*** Data shown

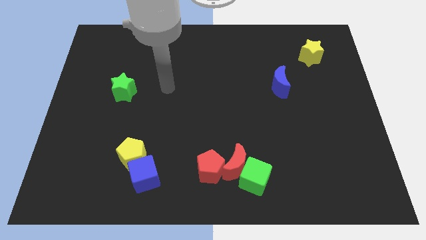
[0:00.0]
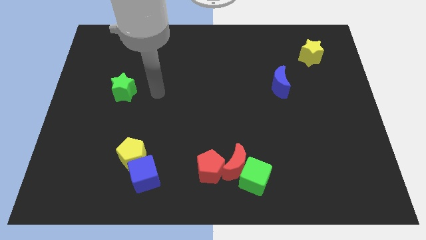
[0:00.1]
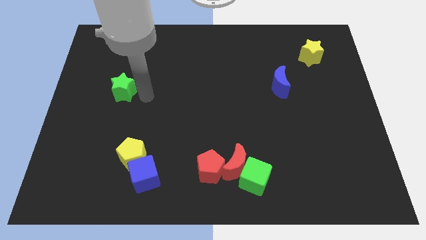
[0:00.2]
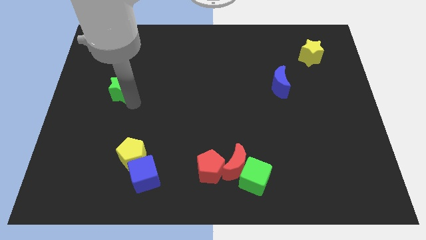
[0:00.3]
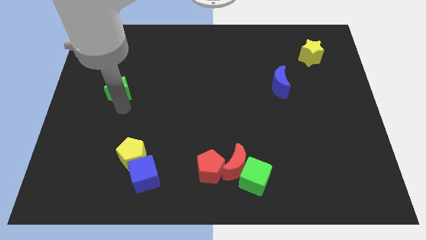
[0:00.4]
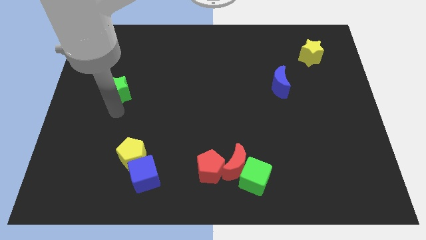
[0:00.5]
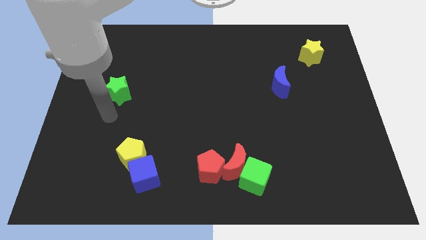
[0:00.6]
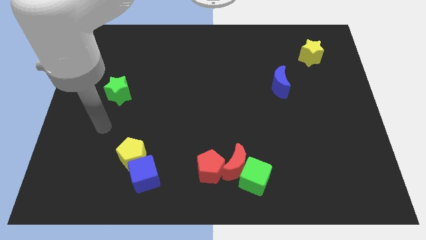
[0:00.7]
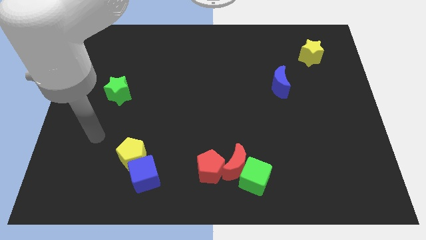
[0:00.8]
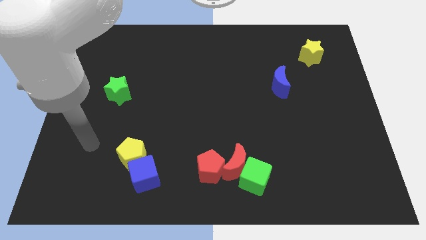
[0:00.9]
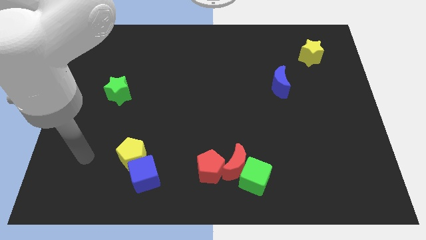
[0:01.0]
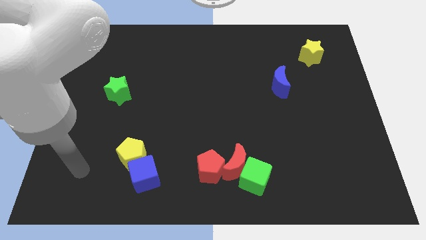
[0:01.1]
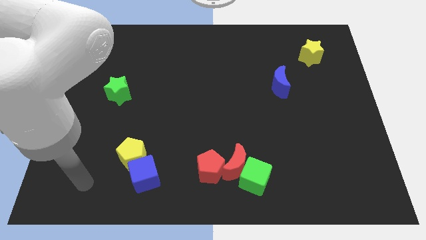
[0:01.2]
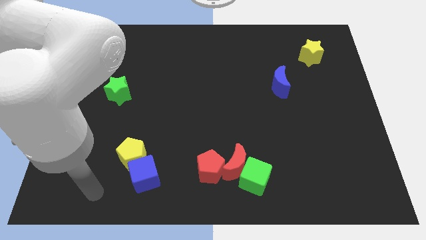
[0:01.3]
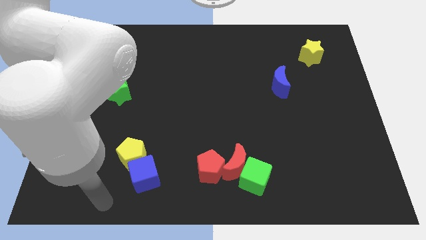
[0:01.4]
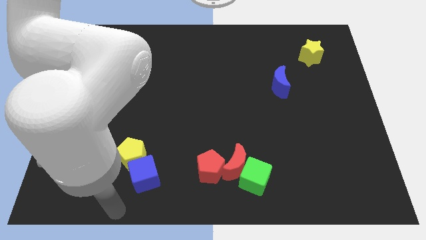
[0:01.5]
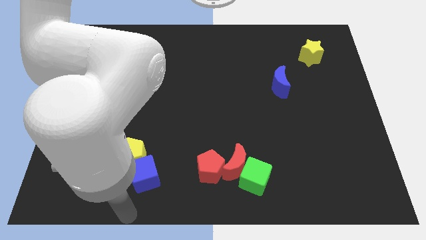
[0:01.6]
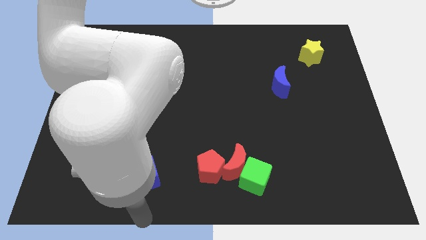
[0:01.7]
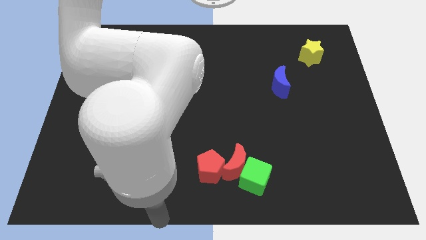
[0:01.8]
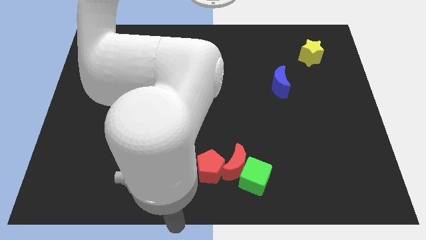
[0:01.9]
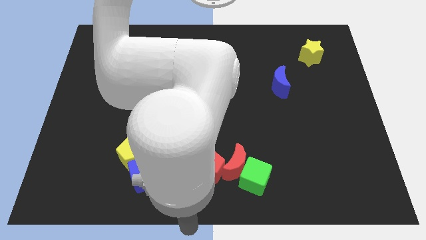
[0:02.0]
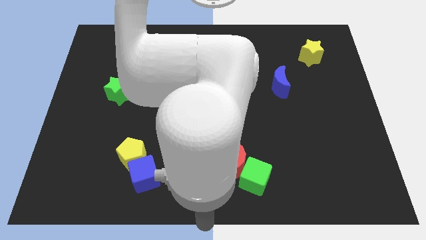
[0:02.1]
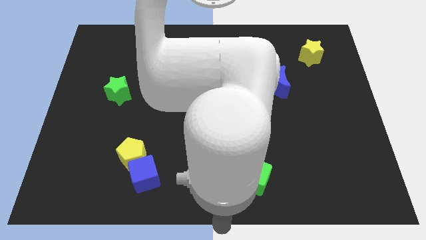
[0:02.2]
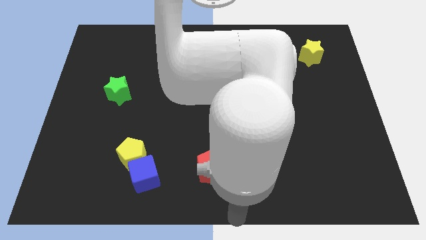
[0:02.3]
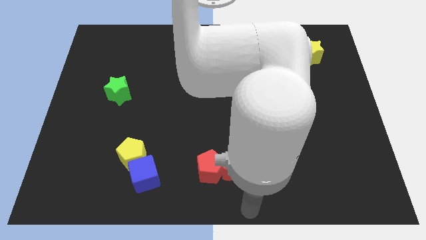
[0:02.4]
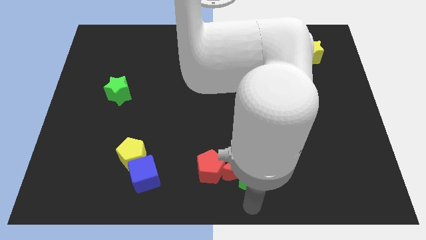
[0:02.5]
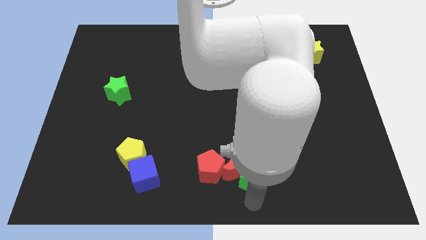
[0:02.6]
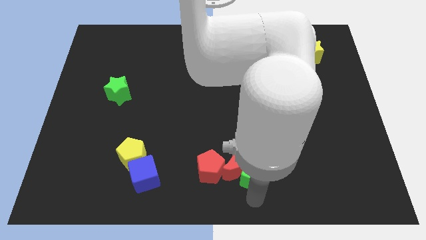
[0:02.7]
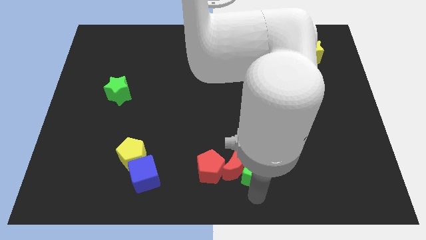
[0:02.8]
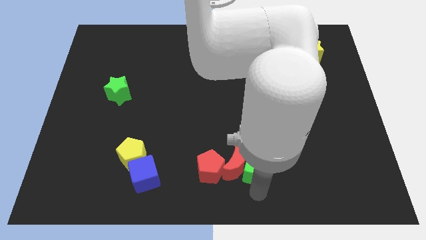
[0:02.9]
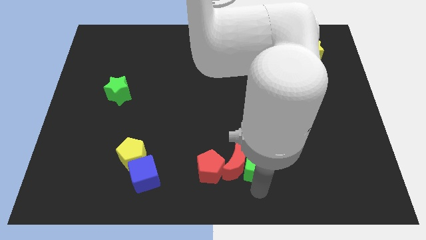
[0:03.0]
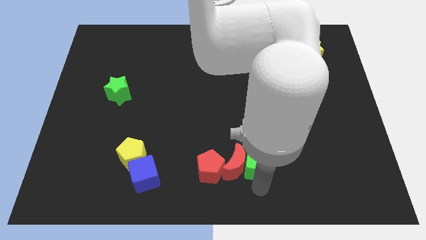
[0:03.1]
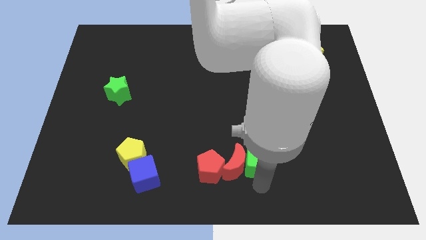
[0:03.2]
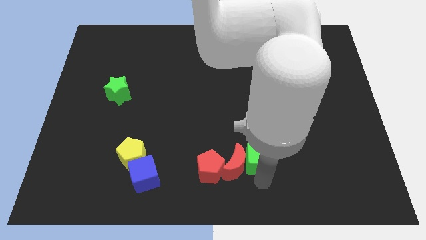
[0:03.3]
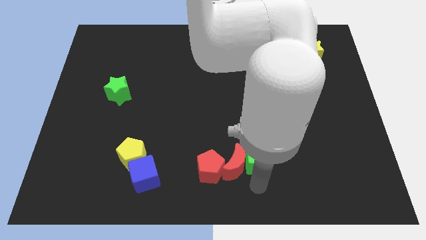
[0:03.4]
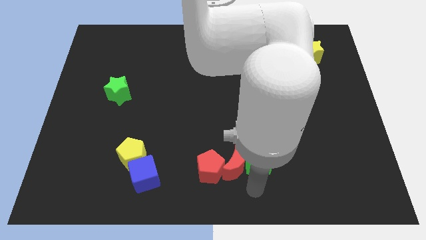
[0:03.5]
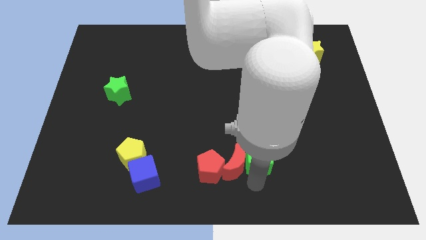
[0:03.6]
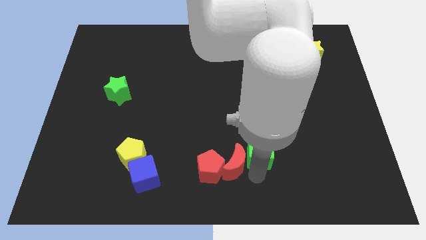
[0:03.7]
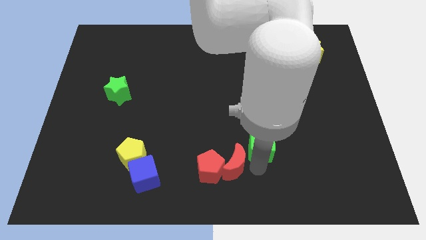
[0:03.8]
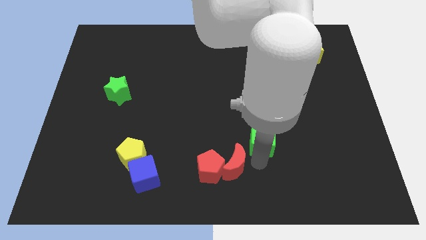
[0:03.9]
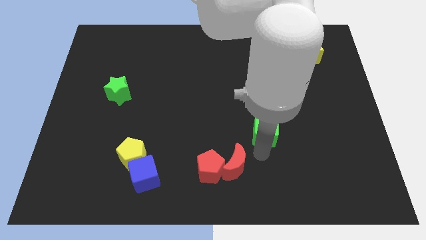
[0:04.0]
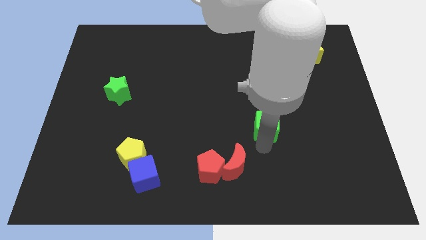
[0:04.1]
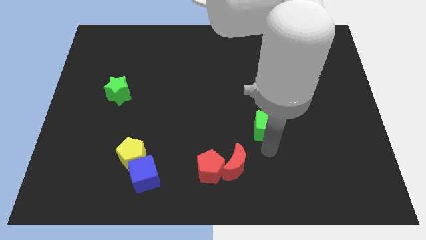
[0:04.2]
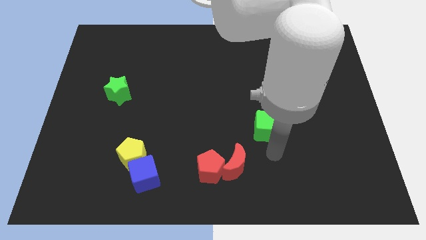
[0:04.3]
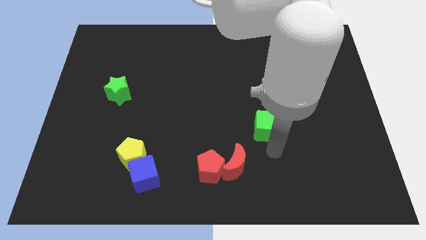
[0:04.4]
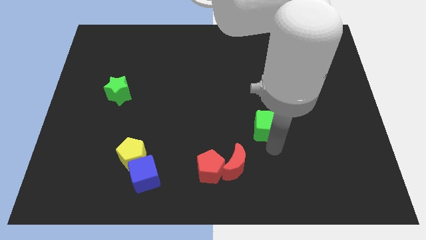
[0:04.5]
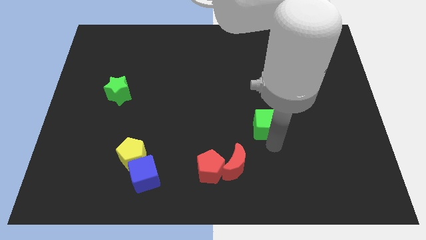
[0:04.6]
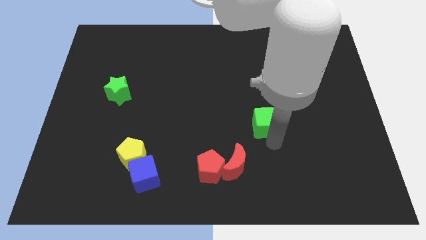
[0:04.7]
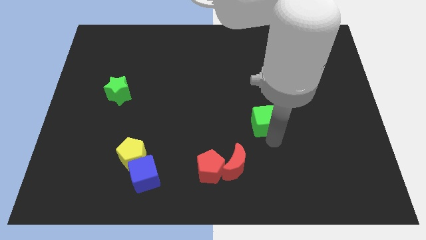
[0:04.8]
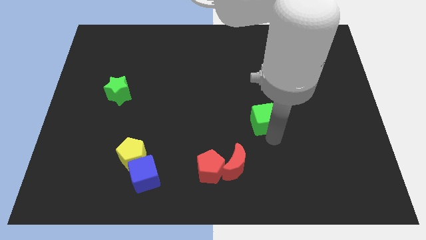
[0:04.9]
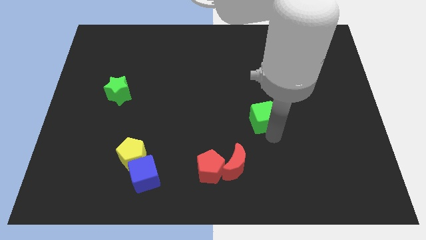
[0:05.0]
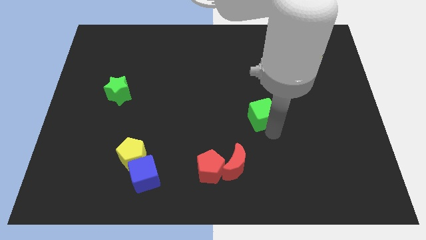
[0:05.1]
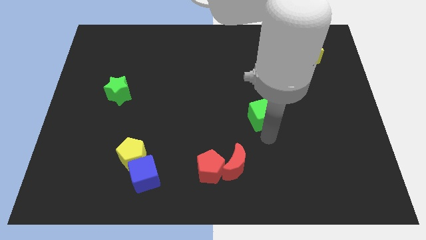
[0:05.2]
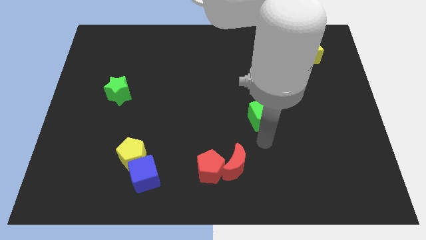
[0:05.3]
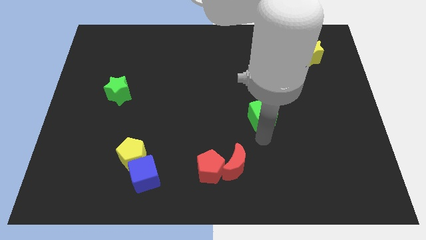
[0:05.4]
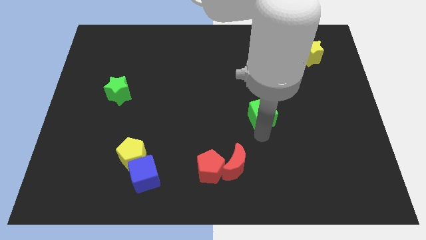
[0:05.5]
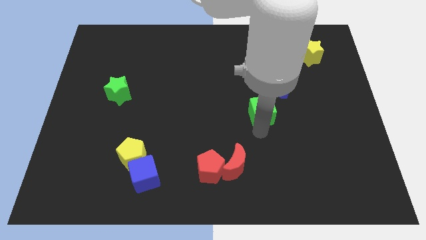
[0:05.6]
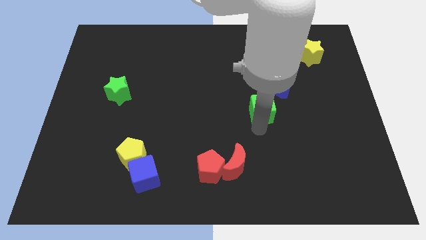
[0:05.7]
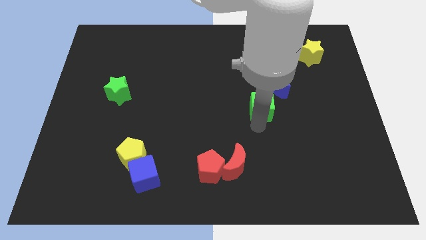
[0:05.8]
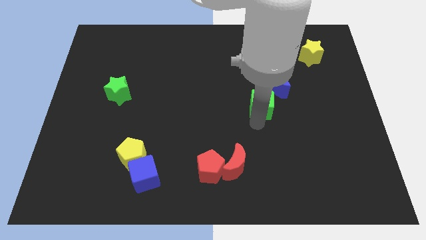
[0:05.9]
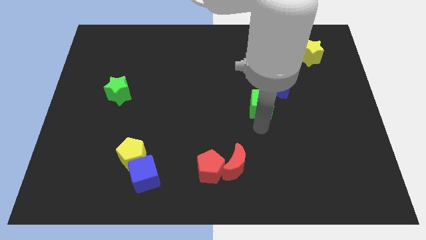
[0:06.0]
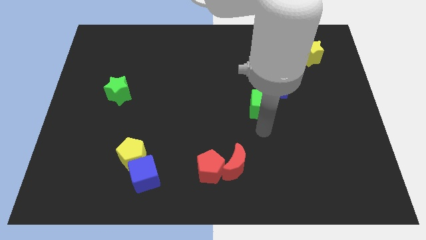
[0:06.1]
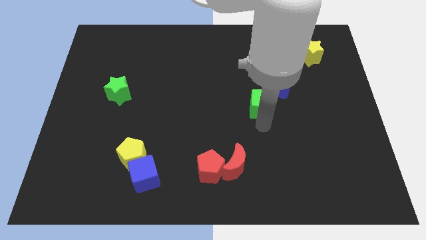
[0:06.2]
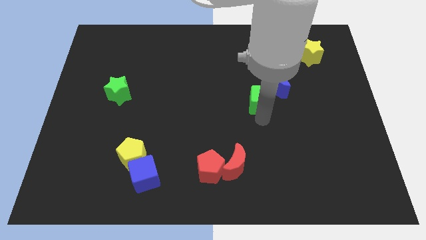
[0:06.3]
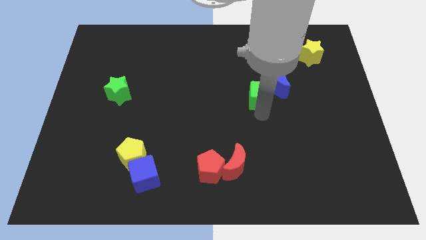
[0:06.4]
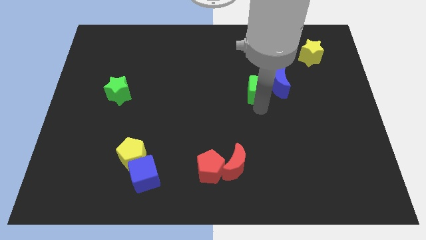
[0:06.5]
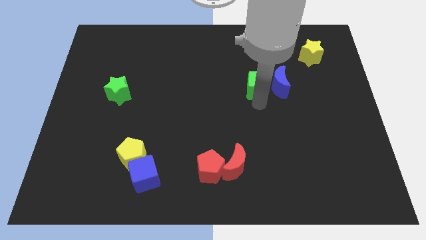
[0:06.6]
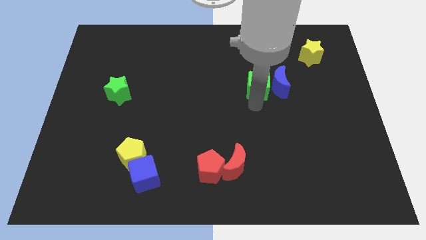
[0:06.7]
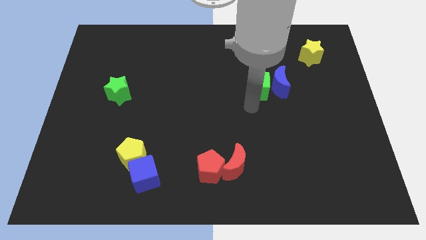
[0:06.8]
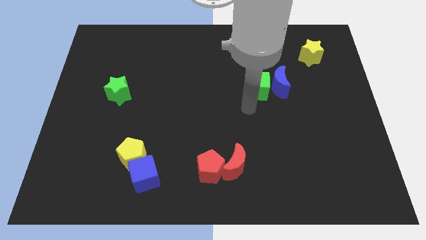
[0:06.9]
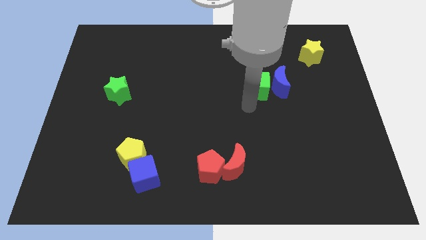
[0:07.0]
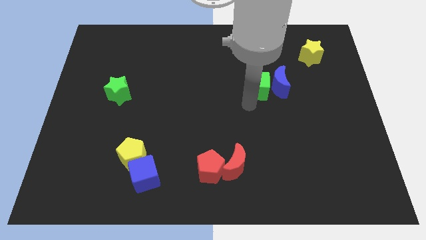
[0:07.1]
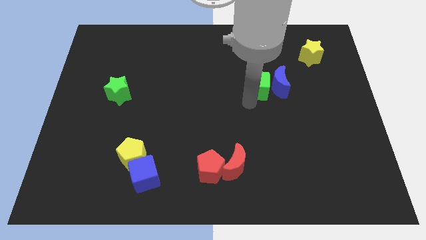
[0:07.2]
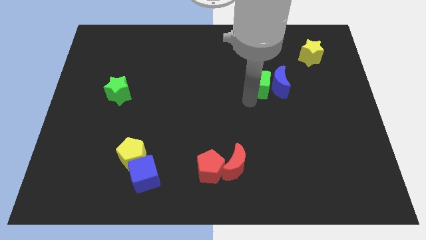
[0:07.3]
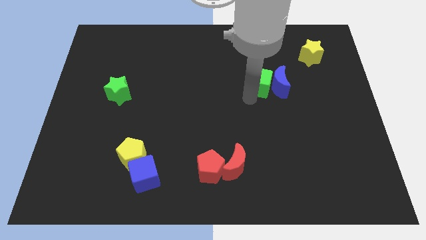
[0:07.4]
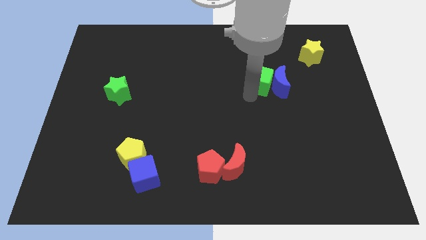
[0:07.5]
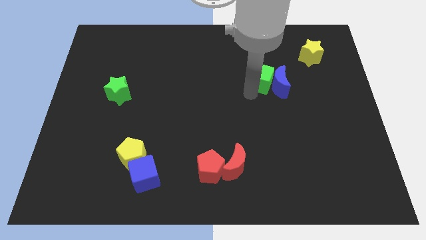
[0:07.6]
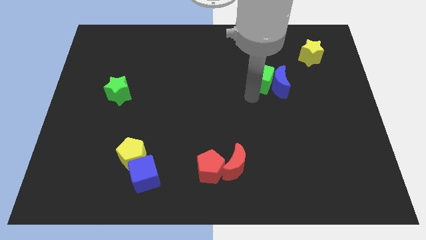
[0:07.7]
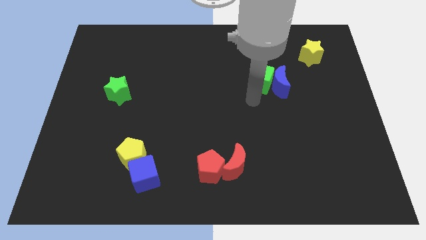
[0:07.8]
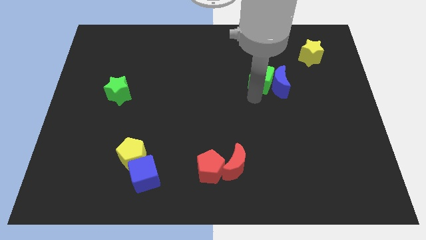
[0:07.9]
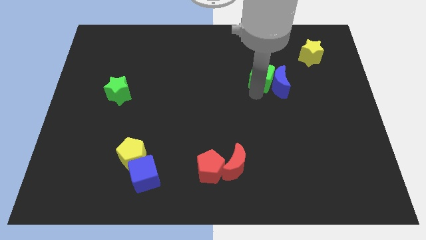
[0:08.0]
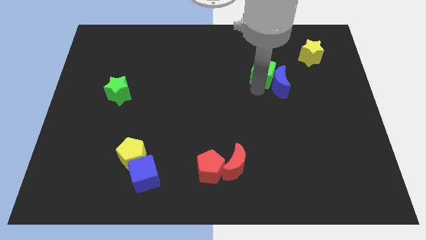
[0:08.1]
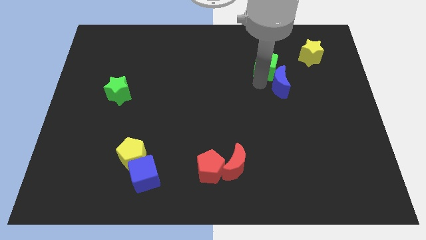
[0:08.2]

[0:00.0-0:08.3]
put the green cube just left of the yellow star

******

▶ _Task objective_:
Write the records out again exactly; none of the pictures belong in the copy.

▶ _Result of the task_:
[0:00.0]
[0:00.1]
[0:00.2]
[0:00.3]
[0:00.4]
[0:00.5]
[0:00.6]
[0:00.7]
[0:00.8]
[0:00.9]
[0:01.0]
[0:01.1]
[0:01.2]
[0:01.3]
[0:01.4]
[0:01.5]
[0:01.6]
[0:01.7]
[0:01.8]
[0:01.9]
[0:02.0]
[0:02.1]
[0:02.2]
[0:02.3]
[0:02.4]
[0:02.5]
[0:02.6]
[0:02.7]
[0:02.8]
[0:02.9]
[0:03.0]
[0:03.1]
[0:03.2]
[0:03.3]
[0:03.4]
[0:03.5]
[0:03.6]
[0:03.7]
[0:03.8]
[0:03.9]
[0:04.0]
[0:04.1]
[0:04.2]
[0:04.3]
[0:04.4]
[0:04.5]
[0:04.6]
[0:04.7]
[0:04.8]
[0:04.9]
[0:05.0]
[0:05.1]
[0:05.2]
[0:05.3]
[0:05.4]
[0:05.5]
[0:05.6]
[0:05.7]
[0:05.8]
[0:05.9]
[0:06.0]
[0:06.1]
[0:06.2]
[0:06.3]
[0:06.4]
[0:06.5]
[0:06.6]
[0:06.7]
[0:06.8]
[0:06.9]
[0:07.0]
[0:07.1]
[0:07.2]
[0:07.3]
[0:07.4]
[0:07.5]
[0:07.6]
[0:07.7]
[0:07.8]
[0:07.9]
[0:08.0]
[0:08.1]
[0:08.2]

[0:00.0-0:08.3]
put the green cube just left of the yellow star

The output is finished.